* _Records supplied_:

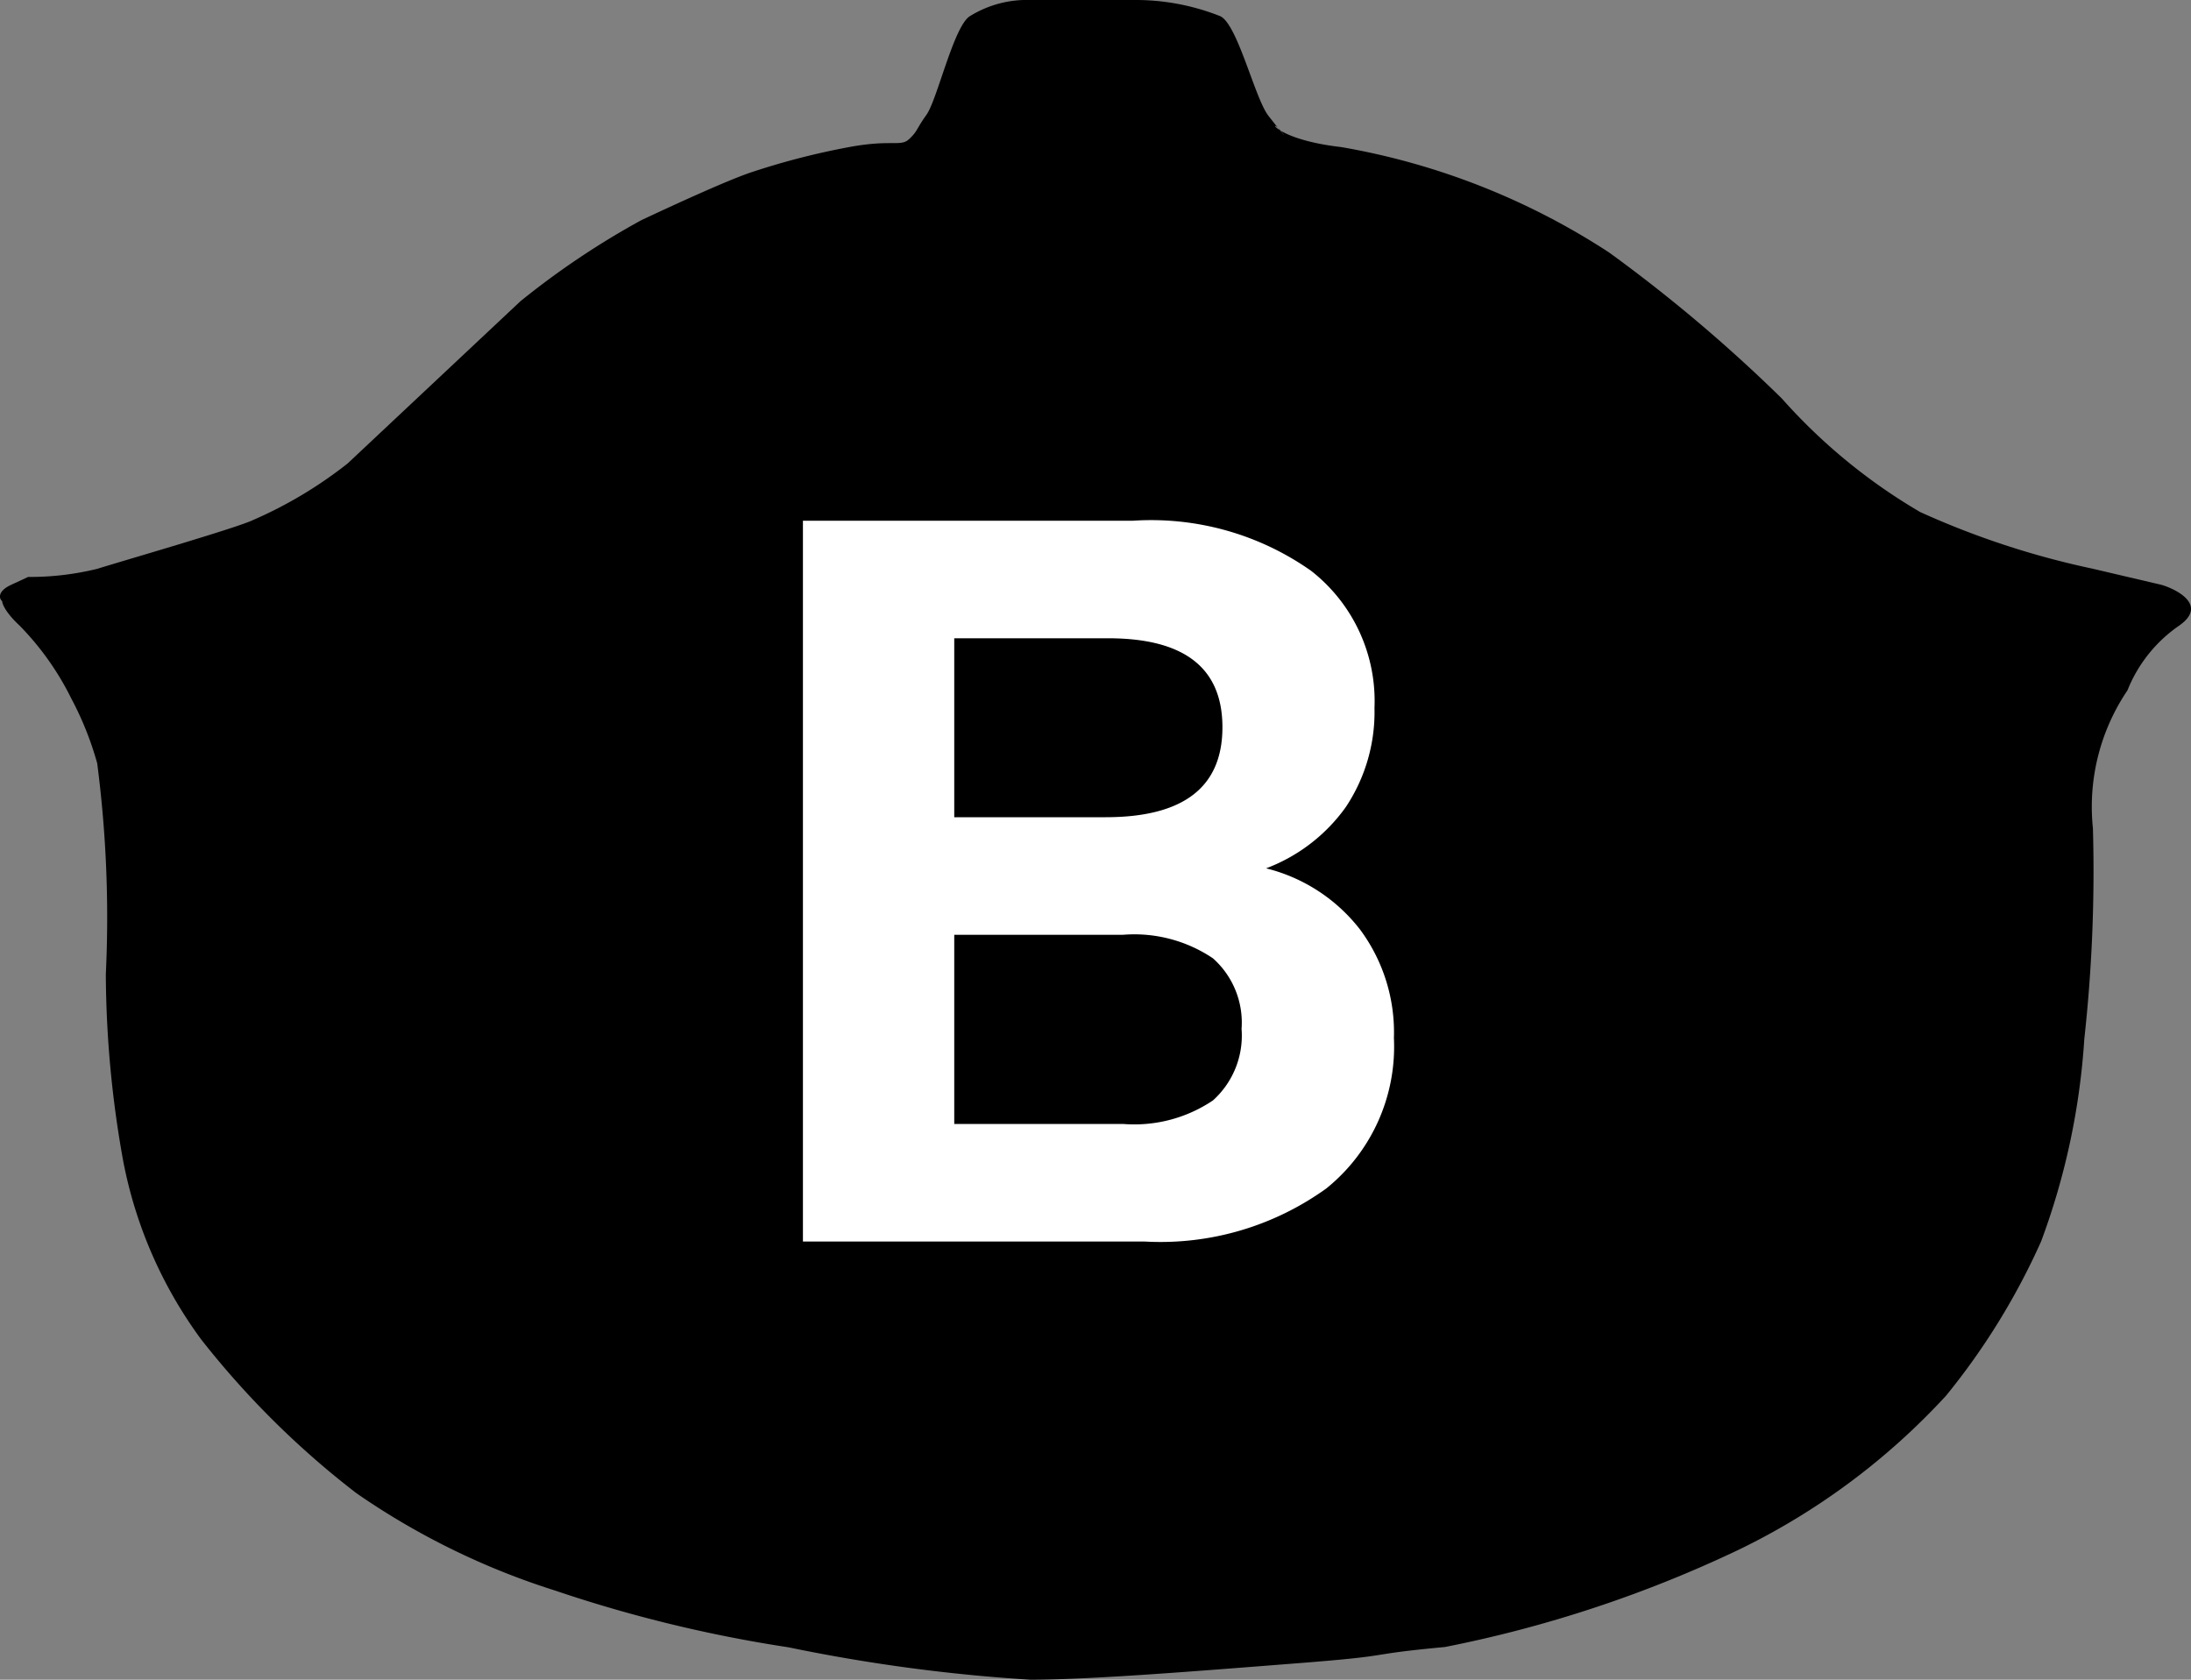 <svg xmlns="http://www.w3.org/2000/svg" width="30" height="23" viewBox="0 0 30 23">
  <rect x="0" y="0" width="30" height="23" fill="#808080" stroke="none"/>
  <g id="Grupo_1" data-name="Grupo 1" transform="translate(-1001 -560)">
    <path id="icono_olla" data-name="icono olla" d="M.385,7.9a3.867,3.867,0,0,0,.946-.111c.355-.111,1.893-.555,2.129-.666a5.849,5.849,0,0,0,1.3-.777L6.181,5.012l.946-.888a11.12,11.12,0,0,1,1.656-1.11c.237-.111,1.183-.555,1.538-.666a10.093,10.093,0,0,1,1.3-.333c.591-.111.71,0,.828-.111s.09-.127.237-.333S13.059.36,13.279.222A1.481,1.481,0,0,1,14.107,0h1.419a3.135,3.135,0,0,1,1.183.222c.237.111.473,1.126.659,1.364s.271.332.169.206c-.169-.206-.134.111.828.222a9.729,9.729,0,0,1,3.667,1.443,20.93,20.93,0,0,1,2.366,2,7.784,7.784,0,0,0,1.893,1.554,11.46,11.46,0,0,0,2.366.777l.946.222c.237.074.615.289.237.555a1.954,1.954,0,0,0-.71.888,2.845,2.845,0,0,0-.473,1.888,20.98,20.98,0,0,1-.118,2.887A9.7,9.7,0,0,1,27.947,17a9.453,9.453,0,0,1-1.3,2.11,9.45,9.45,0,0,1-2.839,2.11,17,17,0,0,1-4.022,1.332c-1.183.111-.591.111-2.011.222S14.935,23,14.107,23a23.412,23.412,0,0,1-3.312-.444A18.716,18.716,0,0,1,7.6,21.779,10.129,10.129,0,0,1,4.88,20.446a11.99,11.99,0,0,1-2.129-2.11,6.031,6.031,0,0,1-1.065-2.443,14.662,14.662,0,0,1-.237-2.554,16.36,16.36,0,0,0-.118-2.887,4.4,4.4,0,0,0-.355-.888,3.871,3.871,0,0,0-.71-1C.077,8.388.03,8.269.03,8.232-.01,8.2-.041,8.1.148,8.01Z" transform="translate(1001 560)"/>
    <path id="B" d="M0,9.87V0H4.522A3.8,3.8,0,0,1,6.958.686a2.262,2.262,0,0,1,.868,1.876A2.349,2.349,0,0,1,7.434,3.92a2.366,2.366,0,0,1-1.092.84A2.339,2.339,0,0,1,7.63,5.6a2.365,2.365,0,0,1,.462,1.484,2.493,2.493,0,0,1-.924,2.058,3.883,3.883,0,0,1-2.492.728ZM2.072,4.06H4.144q1.6,0,1.6-1.232T4.144,1.61H2.072Zm0,4.2h2.31a1.927,1.927,0,0,0,1.232-.322,1.194,1.194,0,0,0,.392-.98,1.177,1.177,0,0,0-.392-.966A1.927,1.927,0,0,0,4.382,5.67H2.072Z" transform="translate(1011.994 567.13)" fill="#fff"/>
  </g>
</svg>

* _Work instruction_: Aside from the pictures, repeat the listing exactly.

* _Response to this exercise_:
 <svg xmlns="http://www.w3.org/2000/svg" width="30" height="23" viewBox="0 0 30 23">
  <rect x="0" y="0" width="30" height="23" fill="#808080" stroke="none"/>
  <g id="Grupo_1" data-name="Grupo 1" transform="translate(-1001 -560)">
    <path id="icono_olla" data-name="icono olla" d="M.385,7.9a3.867,3.867,0,0,0,.946-.111c.355-.111,1.893-.555,2.129-.666a5.849,5.849,0,0,0,1.3-.777L6.181,5.012l.946-.888a11.12,11.12,0,0,1,1.656-1.11c.237-.111,1.183-.555,1.538-.666a10.093,10.093,0,0,1,1.3-.333c.591-.111.71,0,.828-.111s.09-.127.237-.333S13.059.36,13.279.222A1.481,1.481,0,0,1,14.107,0h1.419a3.135,3.135,0,0,1,1.183.222c.237.111.473,1.126.659,1.364s.271.332.169.206c-.169-.206-.134.111.828.222a9.729,9.729,0,0,1,3.667,1.443,20.93,20.93,0,0,1,2.366,2,7.784,7.784,0,0,0,1.893,1.554,11.46,11.46,0,0,0,2.366.777l.946.222c.237.074.615.289.237.555a1.954,1.954,0,0,0-.71.888,2.845,2.845,0,0,0-.473,1.888,20.98,20.98,0,0,1-.118,2.887A9.7,9.7,0,0,1,27.947,17a9.453,9.453,0,0,1-1.3,2.11,9.45,9.45,0,0,1-2.839,2.11,17,17,0,0,1-4.022,1.332c-1.183.111-.591.111-2.011.222S14.935,23,14.107,23a23.412,23.412,0,0,1-3.312-.444A18.716,18.716,0,0,1,7.6,21.779,10.129,10.129,0,0,1,4.88,20.446a11.99,11.99,0,0,1-2.129-2.11,6.031,6.031,0,0,1-1.065-2.443,14.662,14.662,0,0,1-.237-2.554,16.36,16.36,0,0,0-.118-2.887,4.4,4.4,0,0,0-.355-.888,3.871,3.871,0,0,0-.71-1C.077,8.388.03,8.269.03,8.232-.01,8.2-.041,8.1.148,8.01Z" transform="translate(1001 560)"/>
    <path id="B" d="M0,9.87V0H4.522A3.8,3.8,0,0,1,6.958.686a2.262,2.262,0,0,1,.868,1.876A2.349,2.349,0,0,1,7.434,3.92a2.366,2.366,0,0,1-1.092.84A2.339,2.339,0,0,1,7.63,5.6a2.365,2.365,0,0,1,.462,1.484,2.493,2.493,0,0,1-.924,2.058,3.883,3.883,0,0,1-2.492.728ZM2.072,4.06H4.144q1.6,0,1.6-1.232T4.144,1.61H2.072Zm0,4.2h2.31a1.927,1.927,0,0,0,1.232-.322,1.194,1.194,0,0,0,.392-.98,1.177,1.177,0,0,0-.392-.966A1.927,1.927,0,0,0,4.382,5.67H2.072Z" transform="translate(1011.994 567.13)" fill="#fff"/>
  </g>
</svg>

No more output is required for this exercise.